Dataset entries
[Start of Attachment]

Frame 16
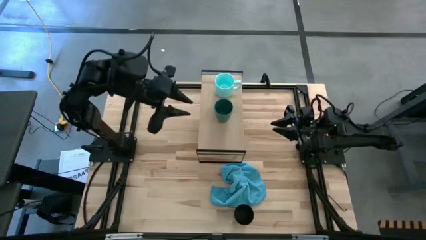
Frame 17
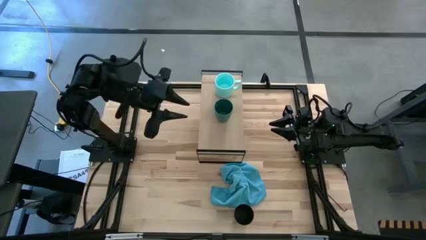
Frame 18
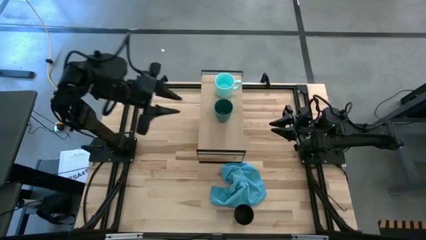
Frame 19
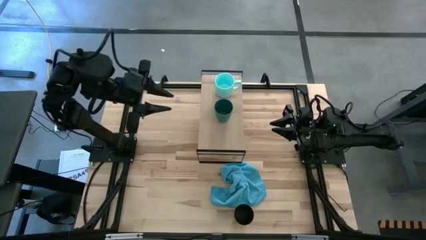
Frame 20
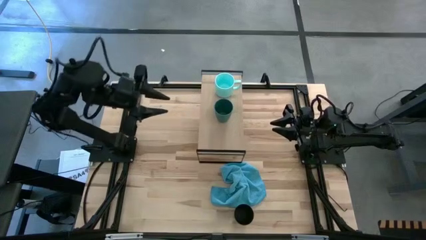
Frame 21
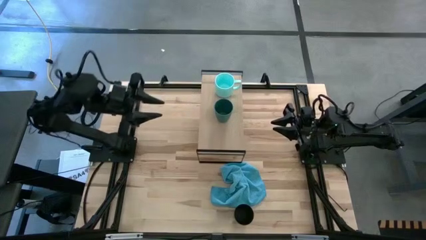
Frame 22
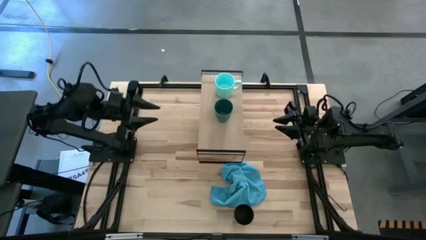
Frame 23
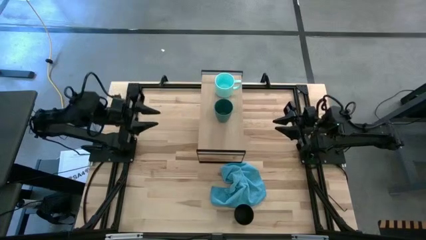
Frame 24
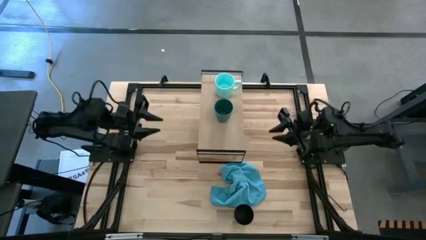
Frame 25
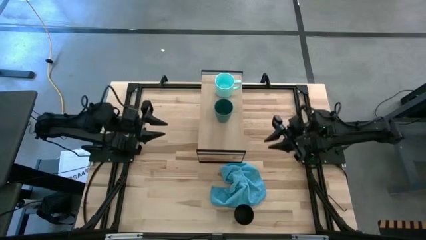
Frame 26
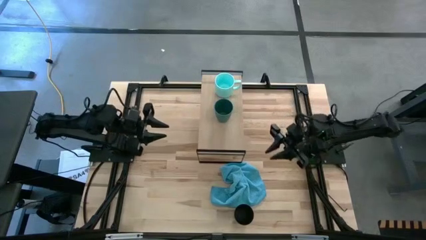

[End of Attachment]

### ASSIGNMENT
Skipping any pictures, copy the entries exactly as they appear.

### ANSWER TO THIS PROBLEM
Frame 16
Frame 17
Frame 18
Frame 19
Frame 20
Frame 21
Frame 22
Frame 23
Frame 24
Frame 25
Frame 26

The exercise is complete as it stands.